TASK DIRECTIONS: From the data below, retype exactly the lines starting with the one that contains "An aerial image. It shows: View of golf hole." and ending with the one that contains "Medium: linen Technique: interlacing", both included.
[[ DATA FOR THIS TASK open ]]
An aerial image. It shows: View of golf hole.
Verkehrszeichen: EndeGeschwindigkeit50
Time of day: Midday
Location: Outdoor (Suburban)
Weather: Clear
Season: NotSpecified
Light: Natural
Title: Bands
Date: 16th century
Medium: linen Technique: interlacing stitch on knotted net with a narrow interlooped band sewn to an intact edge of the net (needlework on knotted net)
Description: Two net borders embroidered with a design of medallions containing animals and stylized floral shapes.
[[ DATA FOR THIS TASK closed ]]
[[ DATA FOR THIS TASK open ]]
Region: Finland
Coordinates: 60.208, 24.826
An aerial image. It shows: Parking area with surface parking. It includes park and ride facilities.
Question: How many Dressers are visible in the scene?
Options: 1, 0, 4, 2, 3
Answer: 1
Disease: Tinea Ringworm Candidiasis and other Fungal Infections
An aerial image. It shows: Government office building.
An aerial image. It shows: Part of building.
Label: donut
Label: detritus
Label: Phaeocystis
[[ DATA FOR THIS TASK closed ]]
EXPECTED ANSWER:
An aerial image. It shows: View of golf hole.
Verkehrszeichen: EndeGeschwindigkeit50
Time of day: Midday
Location: Outdoor (Suburban)
Weather: Clear
Season: NotSpecified
Light: Natural
Title: Bands
Date: 16th century
Medium: linen Technique: interlacing stitch on knotted net with a narrow interlooped band sewn to an intact edge of the net (needlework on knotted net)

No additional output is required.